Supplier performance could encompass many areas: quality, timeliness, correctness, price, performance, risk management and so on; so there are many areas that could be considered - more on these later. It is easy to chase performance improvements with suppliers but it is not always worthwhile. For example, I would really like it if the software package I use to create presentations didn't always seem to crash at the point when I haven't saved my work for some time. I could even pursue the large global company that created it but my actions here are unlikely to provoke a response. If the guy who cleans my windows keeps failing to do a good job then I can simply find another window cleaner, writing off what I have already paid. In both these cases putting energy into pursuing performance improvements with the current supplier is simply not worthwhile. But if my bank keeps applying incorrect charges to my account I will want to seek both performance improvements and reimbursement or even compensation for my losses as the effort to switch banks is unpalatable.
The value in performance improvement therefore comes by developing supplier relationships or interventions for the specific supply situations where it is both possible to pursue improvement and where the effort required will deliver worthwhile results. This may not be limited to first tier suppliers (those suppliers with whom we have a direct contractual relationship) but could even be appropriate with second or third tier suppliers or indeed suppliers way back in the supply chain many contractual steps removed. Here it becomes more difficult (but not impossible) to pursue improvements as we don't own the direct contractual relationship.
Supplier performance improvements can potentially add value when:
• performance is not what was agreed or expected;
• we can secure greater value if performance can be improved above that agreed or expected; and
• there are unacceptable supply chain risks that must be addressed. For each of these, effort to drive improvement is worthwhile if and when:
• we stand to gain or lose significantly;
• our intervention is likely to yield a result;
• we have few alternatives so we need to make it work (eg because we have progressed too far with the supplier, because we cannot easily switch to another supplier or because the market is difficult); or
• the supplier is unable to improve without help.
Performance improvements can be either directive (telling the supplier to improve) or collaborative (working with the supplier to deliver improvements) and both approaches have their place depending upon the type of relationship we want in place.

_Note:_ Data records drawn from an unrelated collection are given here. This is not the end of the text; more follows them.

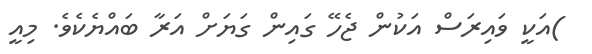
)އަކީ ވައިރަސް އަކުން ޖެހޭ ގައިން ގަޔަށް އަރާ ބައްޔެކެވެ. މިއީ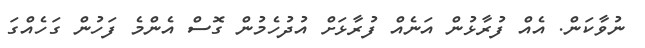
ނުވާކަން. އެއް ފުރާޅުން އަނެއް ފުރާޅަށް އުދުހެމުން ގޮސް އެންމެ ފަހުން ގަހެއްގަ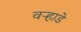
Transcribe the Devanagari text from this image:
वऱ्हाडे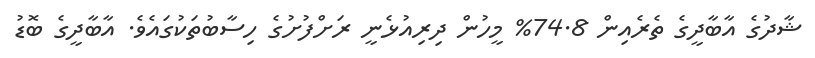
ޝާދުގެ އާބާދީގެ ތެރެއިން 74.8% މީހުން ދިރިއުޅެނީ ރަށްފުށުގެ ހިސާބުތަކުގައެވެ. އާބާދީގެ ބޮޑު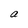
Character: a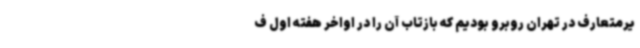
یرمتعارف در تهران روبرو بودیم که بازتاب آن را در اواخر هفته اول ف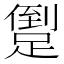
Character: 𨃫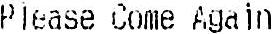
PLEASE COME AGAIN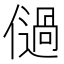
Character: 𠏀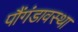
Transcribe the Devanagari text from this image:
पौंगंडावस्था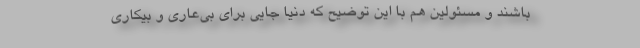
باشند و مسئولین هم با این توضیح که دنیا جایی برای بی‌عاری و بیکاری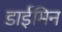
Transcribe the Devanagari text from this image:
डाईमिन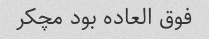
فوق العاده بود مچکر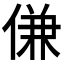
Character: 𬾹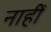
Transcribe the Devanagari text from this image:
नाहीँ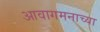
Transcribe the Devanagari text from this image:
आवागमनाच्या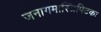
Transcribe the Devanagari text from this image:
जैनागमास्त्रिपिटकः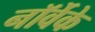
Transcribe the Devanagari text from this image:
नॉर्वेके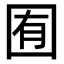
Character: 囿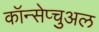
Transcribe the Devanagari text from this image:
कॉन्सेप्चुअल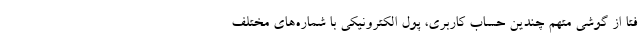
فتا از گوشی متهم چندین حساب کاربری، پول الکترونیکی با شماره‌های مختلف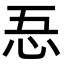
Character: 忢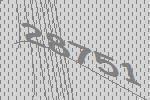
28751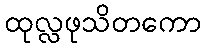
ထုလ္လဖုသိတကော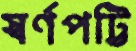
স্বর্ণপট্টি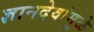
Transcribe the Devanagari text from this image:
ज्ञानदेवांमुळे
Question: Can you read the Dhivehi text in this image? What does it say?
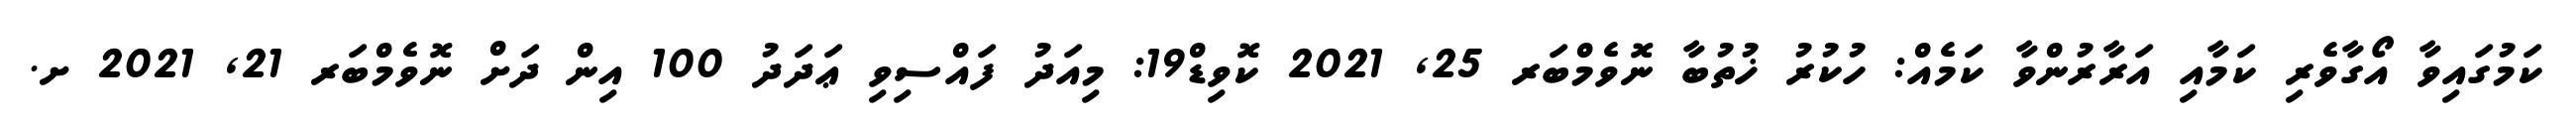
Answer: ކަމުގައިވާ އޯގާވެރި ކަމާއި އަރާރުންވާ ކަމެއް: ހުކުރު ޚުތުބާ ނޮވެމްބަރ 25, 2021 ކޮވިޑް19: މިއަދު ފައްސިވި ޢަދަދު 100 އިން ދަށް ނޮވެމްބަރ 21, 2021 ށ.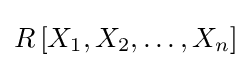
R\left[X_{1},X_{2},\dots ,X_{n}\right]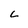
Character: C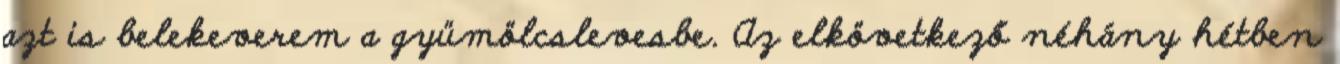
azt is belekeverem a gyümölcslevesbe. Az elkövetkező néhány hétben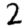
Digit: 2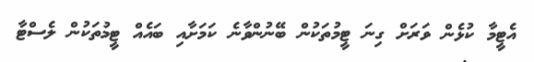
އެޓީމާ ކުޅެން ވަރަށް ގިނަ ޓީމުތަކުން ބޭނުންވާނެ ކަމަށާއި ބައެއް ޓީމުތަކުން ލެސްޓާ

Performance improvement is not easy. The reality is securing improvements can be much harder than often realized. For example, a specialist manufacturing company making precision components might be struggling to achieve good accuracy resulting in high wastage and therefore increased costs for every good unit supplied. If the company could reduce waste it would. Driving performance improvements here may not simply be a case of telling the supplier to get on with it but rather might need some support, perhaps investing in having one of our technical experts to help them or even consider if we can help them fund new equipment to become more accurate. Either way improvements may require our help to realize them.
VIPER helps the organization define the broad areas where performance improvements might be required, for example the need for general supply base improvement might be identified in response to corporate objectives to reduce defects or customer companies regarding service failures. VIPER also helps us identify performance improvements for specific suppliers where we know there is an issue, for example: 'bring working conditions at factories in India in line with our Corporate Responsibility policy'.